Normally, the concentration of creatinine in the blood of a healthy person is from 0.04-0.11 mmol / L or 55 to 115 μmol / L, which is 1.13 mg%. 1 l of blood plasma contains about 10 mg of creatinine.

The total amount of creatinine at its concentration of 1.13 mg% contained in the blood plasma of a healthy person is 30 mg. With a creatinine clearance of 70-130 ml / min, 30 mg of creatinine is removed from the blood in less than 1 hour.

Normally, 1-1.5 g of creatinine is excreted in the urine per day (in men, from 800 to 2000 mg per day, depending on the weight of the person).

100 ml of ultrafiltrate of the blood plasma of a healthy person, filtered for 1 min, contains about 1.1 mg of creatinine.

In a sick person with severe chronic renal failure, the concentration of creatinine in the blood can reach 2.5 mg% and higher, which is 25 mg / l.

In 100 ml of ultrafiltrate of blood plasma of a sick person, filtered for 1 min, contains about 2.5 mg of creatinine.

With mutual differential ultrafiltration, about 2.5-1.1 = 1.4 mg of creatinine will be removed from the patient’s blood within one minute and the same amount of creatinine will enter the blood of a healthy person. These values apply only to the first minute of "symbiotic" hemofiltration.
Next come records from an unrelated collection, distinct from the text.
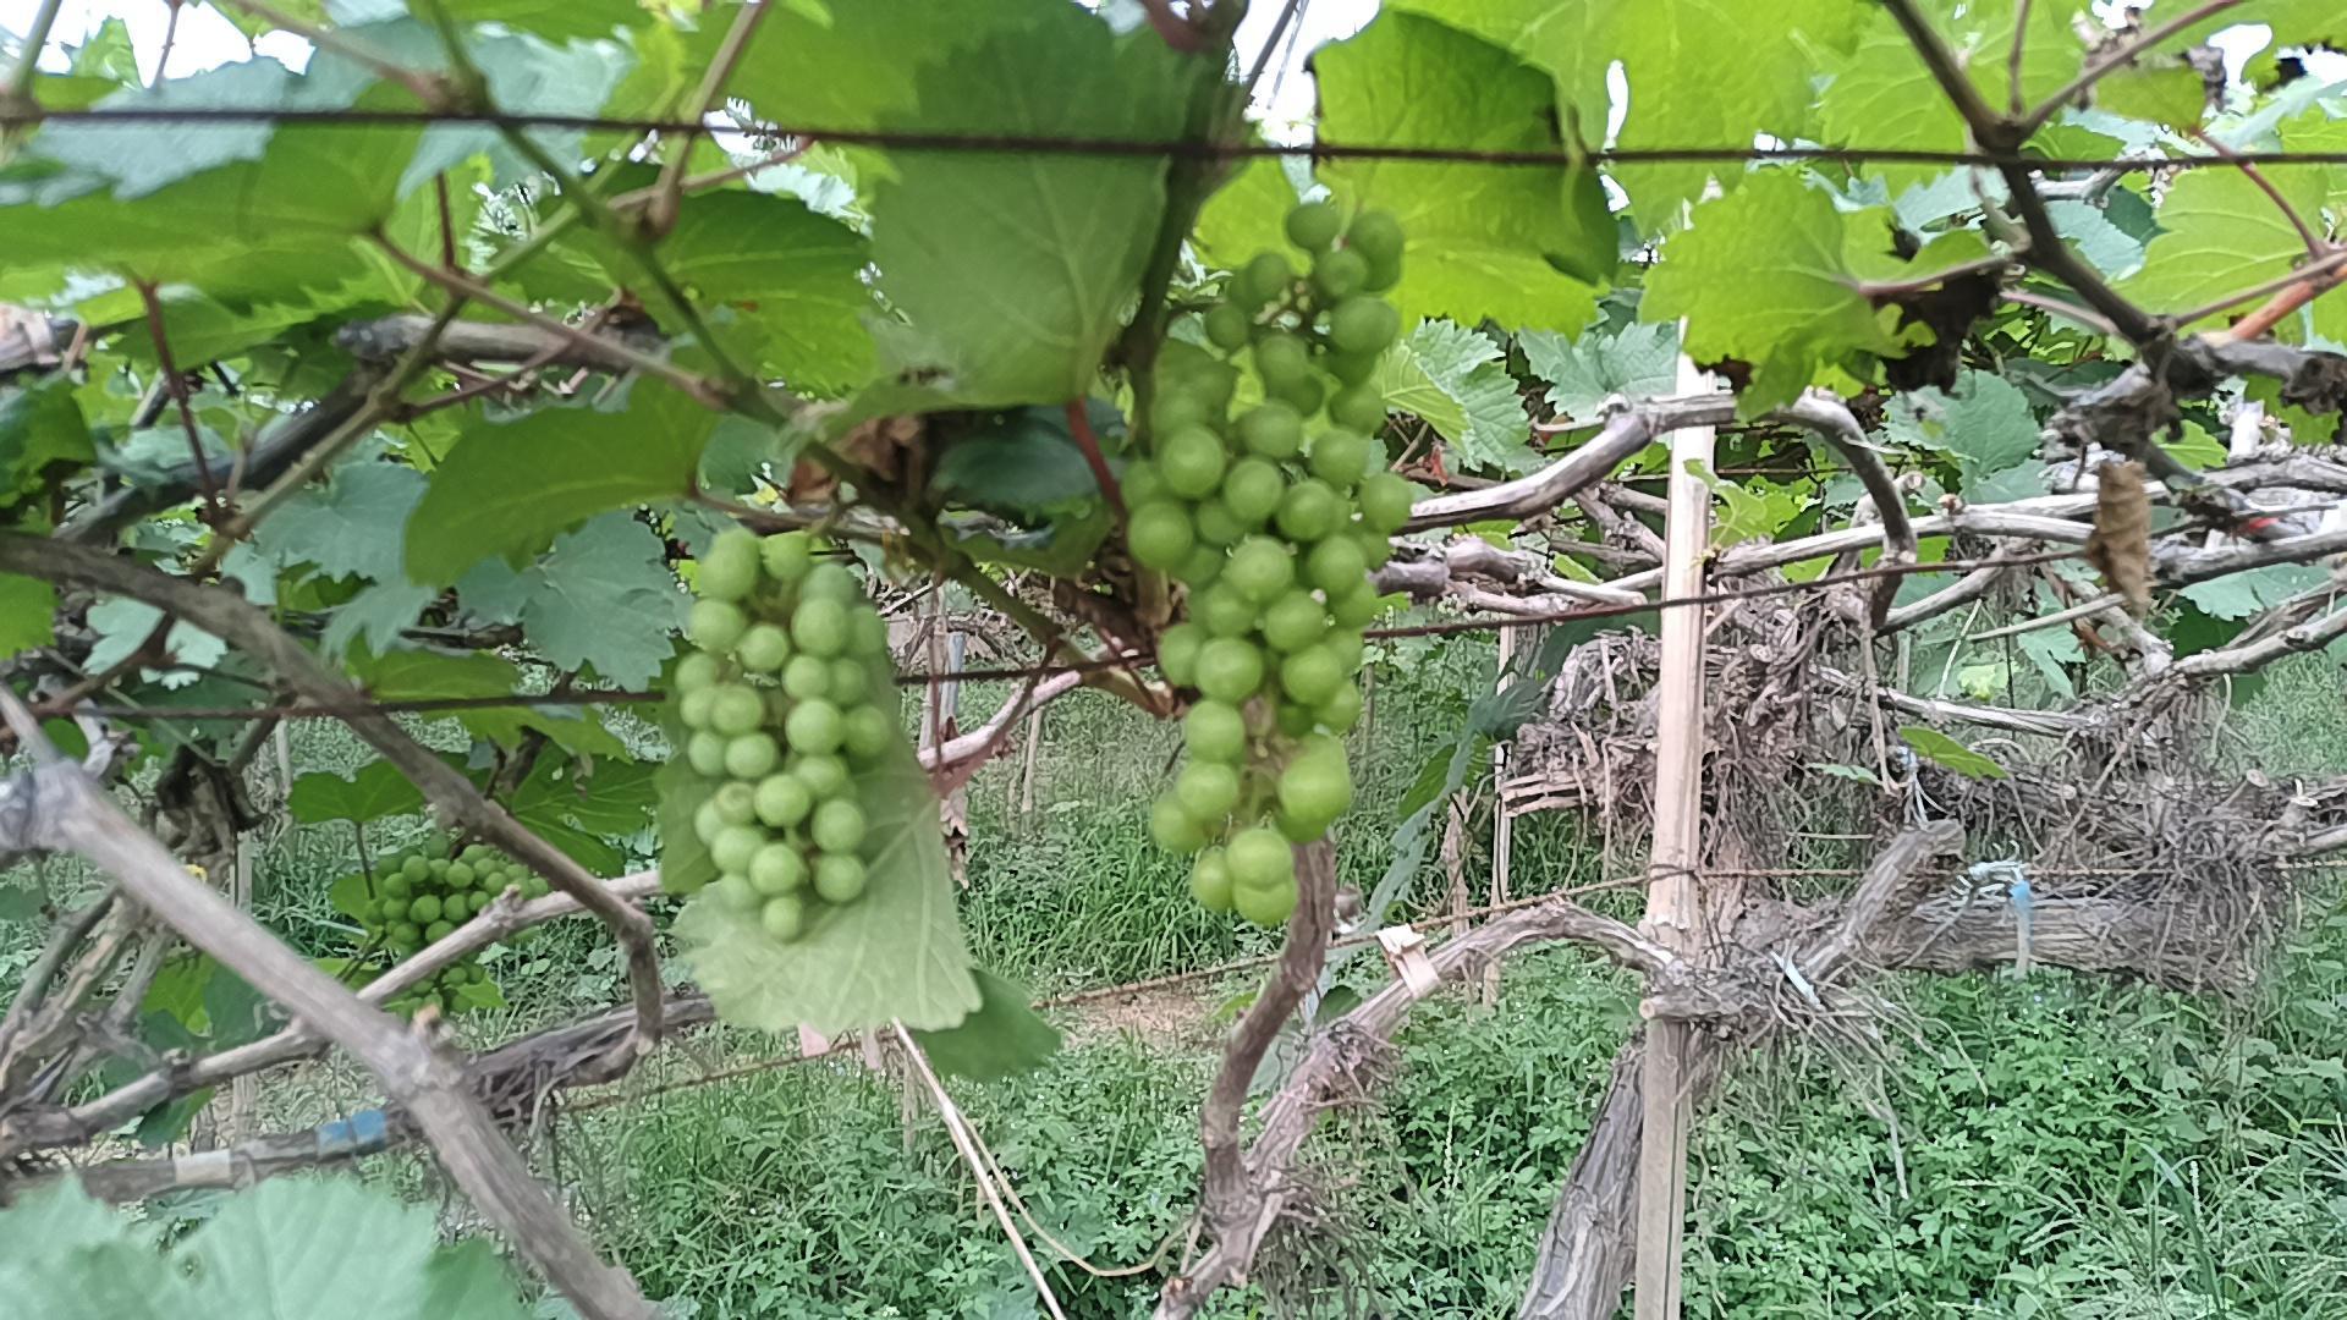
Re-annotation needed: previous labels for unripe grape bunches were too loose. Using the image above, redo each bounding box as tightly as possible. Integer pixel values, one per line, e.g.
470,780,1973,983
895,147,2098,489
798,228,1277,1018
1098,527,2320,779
1129,202,1412,925
363,845,549,1014
674,528,895,942

In the process of mutual differential ultrafiltration, the patient's creatinine content will decrease, and in a healthy person will increase, as a result, the difference in the creatinine concentrations in the partners plasma will decrease.

The kidneys of a healthy person can increase the volume of creatinine removed with an increase in its concentration in the blood. Ultimately, a dynamic equilibrium of the concentration gradient of creatinine in the blood of partners will be established, depending on the initial creatinine content in the patient’s blood and the excretory function of the kidneys of a healthy person.

Modern high-performance hemofilters: FX 80 Ultraflux, Fresenius and Sureflux-130UH, Nipro and others are fully capable of carrying out the estimated volume of “symbiotic” hemofiltration and ensure the purification of the blood of a sick person with chronic renal failure from uremic substances.

An example implementation of the method of "symbiotic" hemofiltration

To implement the method of "symbiotic" hemofiltration, there are all technical possibilities: they use the above-described device, which consists of hemofilters, perfusion pumps, special biocompatible catheters, plastic tubes, taps, an electronic unit; and materials - heparin, saline, disinfectants and dressings, tape clamps, plastic tubes, which are widely used in practical medicine.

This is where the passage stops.